▸ **WHAT THE EXERCISE ASKS**
If a line of the material holds the string "ffffff", please copy it.

Start of RECORDS SUPPLIED

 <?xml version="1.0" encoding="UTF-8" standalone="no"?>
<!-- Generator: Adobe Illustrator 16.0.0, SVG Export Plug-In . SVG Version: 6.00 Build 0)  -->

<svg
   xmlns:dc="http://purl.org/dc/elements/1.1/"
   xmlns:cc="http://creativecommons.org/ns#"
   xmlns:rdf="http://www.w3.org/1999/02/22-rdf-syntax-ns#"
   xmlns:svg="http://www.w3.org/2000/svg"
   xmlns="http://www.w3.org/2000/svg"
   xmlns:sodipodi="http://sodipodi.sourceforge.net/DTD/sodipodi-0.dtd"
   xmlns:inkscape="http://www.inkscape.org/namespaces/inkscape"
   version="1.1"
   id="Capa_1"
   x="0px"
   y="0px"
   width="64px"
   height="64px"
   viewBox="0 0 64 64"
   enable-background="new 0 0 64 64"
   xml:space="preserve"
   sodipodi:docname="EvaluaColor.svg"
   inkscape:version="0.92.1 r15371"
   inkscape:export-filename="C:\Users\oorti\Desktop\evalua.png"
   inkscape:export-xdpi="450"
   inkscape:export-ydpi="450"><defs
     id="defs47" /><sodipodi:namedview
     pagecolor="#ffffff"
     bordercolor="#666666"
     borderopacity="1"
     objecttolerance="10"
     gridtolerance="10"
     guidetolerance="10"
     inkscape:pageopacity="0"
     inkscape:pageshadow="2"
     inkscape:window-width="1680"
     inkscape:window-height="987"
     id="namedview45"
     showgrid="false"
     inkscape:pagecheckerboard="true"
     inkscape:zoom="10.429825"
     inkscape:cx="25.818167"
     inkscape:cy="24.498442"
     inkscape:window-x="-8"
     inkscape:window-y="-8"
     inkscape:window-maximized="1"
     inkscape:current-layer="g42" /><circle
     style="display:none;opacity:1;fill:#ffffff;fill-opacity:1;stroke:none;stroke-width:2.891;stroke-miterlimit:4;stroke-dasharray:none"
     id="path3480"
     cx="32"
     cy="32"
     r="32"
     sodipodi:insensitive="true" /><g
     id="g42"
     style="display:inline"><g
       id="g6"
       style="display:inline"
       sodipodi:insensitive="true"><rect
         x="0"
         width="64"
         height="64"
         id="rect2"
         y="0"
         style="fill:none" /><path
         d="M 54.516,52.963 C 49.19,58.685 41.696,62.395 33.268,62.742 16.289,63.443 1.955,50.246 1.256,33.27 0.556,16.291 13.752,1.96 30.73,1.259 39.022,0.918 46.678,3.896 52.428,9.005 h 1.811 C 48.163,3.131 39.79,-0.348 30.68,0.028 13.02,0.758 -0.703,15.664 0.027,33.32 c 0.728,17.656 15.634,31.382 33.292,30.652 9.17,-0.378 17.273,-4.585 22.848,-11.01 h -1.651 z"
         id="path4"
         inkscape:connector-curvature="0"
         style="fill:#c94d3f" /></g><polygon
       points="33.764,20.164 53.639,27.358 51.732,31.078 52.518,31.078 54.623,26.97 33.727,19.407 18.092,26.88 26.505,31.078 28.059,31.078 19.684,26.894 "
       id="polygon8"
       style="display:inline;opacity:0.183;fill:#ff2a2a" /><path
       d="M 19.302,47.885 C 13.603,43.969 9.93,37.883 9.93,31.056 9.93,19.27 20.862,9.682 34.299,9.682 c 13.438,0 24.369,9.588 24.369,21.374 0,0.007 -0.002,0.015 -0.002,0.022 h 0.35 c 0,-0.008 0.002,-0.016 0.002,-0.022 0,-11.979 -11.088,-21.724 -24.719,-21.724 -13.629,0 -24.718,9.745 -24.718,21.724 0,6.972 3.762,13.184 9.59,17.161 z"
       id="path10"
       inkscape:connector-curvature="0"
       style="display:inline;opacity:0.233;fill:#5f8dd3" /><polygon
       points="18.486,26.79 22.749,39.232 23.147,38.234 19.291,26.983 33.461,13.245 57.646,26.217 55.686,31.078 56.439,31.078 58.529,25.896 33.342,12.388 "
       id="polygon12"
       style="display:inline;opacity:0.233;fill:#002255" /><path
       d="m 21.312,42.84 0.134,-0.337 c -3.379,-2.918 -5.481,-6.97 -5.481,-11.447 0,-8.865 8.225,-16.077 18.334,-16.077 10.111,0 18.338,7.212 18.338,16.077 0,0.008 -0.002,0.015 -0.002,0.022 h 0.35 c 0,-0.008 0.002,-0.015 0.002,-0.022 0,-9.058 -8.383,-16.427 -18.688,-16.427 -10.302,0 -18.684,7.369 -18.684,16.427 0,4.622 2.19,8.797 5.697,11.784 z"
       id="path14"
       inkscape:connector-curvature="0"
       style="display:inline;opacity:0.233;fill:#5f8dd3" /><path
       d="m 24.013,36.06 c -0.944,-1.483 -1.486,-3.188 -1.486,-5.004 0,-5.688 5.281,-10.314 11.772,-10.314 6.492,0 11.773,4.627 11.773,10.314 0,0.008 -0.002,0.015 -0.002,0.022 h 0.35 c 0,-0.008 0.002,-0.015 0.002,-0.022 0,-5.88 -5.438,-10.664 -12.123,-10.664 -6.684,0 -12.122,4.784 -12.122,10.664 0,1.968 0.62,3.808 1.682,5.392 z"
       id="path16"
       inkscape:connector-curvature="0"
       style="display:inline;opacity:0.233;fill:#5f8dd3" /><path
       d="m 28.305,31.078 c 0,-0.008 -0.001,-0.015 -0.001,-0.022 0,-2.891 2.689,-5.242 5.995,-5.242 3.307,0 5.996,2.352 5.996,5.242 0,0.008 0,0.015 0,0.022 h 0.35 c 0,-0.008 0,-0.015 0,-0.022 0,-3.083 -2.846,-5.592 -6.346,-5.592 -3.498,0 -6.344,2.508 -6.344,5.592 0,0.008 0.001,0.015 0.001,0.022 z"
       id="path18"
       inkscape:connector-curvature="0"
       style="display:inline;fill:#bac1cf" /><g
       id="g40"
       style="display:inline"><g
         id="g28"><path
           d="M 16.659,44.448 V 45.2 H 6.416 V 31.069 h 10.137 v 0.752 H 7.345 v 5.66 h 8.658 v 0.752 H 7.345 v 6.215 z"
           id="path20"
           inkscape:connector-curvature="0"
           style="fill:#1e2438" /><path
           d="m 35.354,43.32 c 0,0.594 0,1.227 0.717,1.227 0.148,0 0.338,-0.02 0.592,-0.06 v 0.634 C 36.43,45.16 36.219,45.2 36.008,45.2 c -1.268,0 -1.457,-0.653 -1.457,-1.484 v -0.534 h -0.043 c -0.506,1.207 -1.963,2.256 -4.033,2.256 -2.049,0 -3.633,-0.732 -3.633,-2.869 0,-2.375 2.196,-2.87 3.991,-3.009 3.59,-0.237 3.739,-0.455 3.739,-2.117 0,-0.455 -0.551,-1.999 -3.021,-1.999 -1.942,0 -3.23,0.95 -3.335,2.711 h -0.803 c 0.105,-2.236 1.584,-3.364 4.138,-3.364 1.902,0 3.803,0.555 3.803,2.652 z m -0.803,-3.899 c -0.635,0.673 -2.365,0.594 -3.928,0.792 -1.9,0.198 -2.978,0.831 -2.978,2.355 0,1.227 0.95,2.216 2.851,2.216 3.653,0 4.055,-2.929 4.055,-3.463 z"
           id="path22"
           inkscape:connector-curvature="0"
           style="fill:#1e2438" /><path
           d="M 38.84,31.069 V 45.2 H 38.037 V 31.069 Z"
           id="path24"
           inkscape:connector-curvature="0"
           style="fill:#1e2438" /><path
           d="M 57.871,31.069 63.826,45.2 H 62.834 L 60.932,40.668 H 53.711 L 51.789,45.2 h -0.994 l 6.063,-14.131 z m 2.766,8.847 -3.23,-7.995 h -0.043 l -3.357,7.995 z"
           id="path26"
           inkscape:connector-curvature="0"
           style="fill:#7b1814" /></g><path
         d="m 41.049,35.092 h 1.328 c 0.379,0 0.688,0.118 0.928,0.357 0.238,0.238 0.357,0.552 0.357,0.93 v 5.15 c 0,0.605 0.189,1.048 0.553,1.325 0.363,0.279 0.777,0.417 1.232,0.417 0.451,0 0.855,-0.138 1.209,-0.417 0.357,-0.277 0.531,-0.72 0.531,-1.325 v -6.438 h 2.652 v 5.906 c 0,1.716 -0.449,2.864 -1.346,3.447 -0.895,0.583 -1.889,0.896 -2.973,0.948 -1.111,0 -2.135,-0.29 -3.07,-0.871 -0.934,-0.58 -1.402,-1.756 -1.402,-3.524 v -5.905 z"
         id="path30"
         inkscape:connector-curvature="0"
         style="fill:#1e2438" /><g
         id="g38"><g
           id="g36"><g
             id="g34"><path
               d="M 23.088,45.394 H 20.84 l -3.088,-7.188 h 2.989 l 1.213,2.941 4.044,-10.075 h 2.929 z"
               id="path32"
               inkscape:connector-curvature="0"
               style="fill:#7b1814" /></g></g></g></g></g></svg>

End of RECORDS SUPPLIED

▸ **EXERCISE ANSWER**
     pagecolor="#ffffff"
     style="display:none;opacity:1;fill:#ffffff;fill-opacity:1;stroke:none;stroke-width:2.891;stroke-miterlimit:4;stroke-dasharray:none"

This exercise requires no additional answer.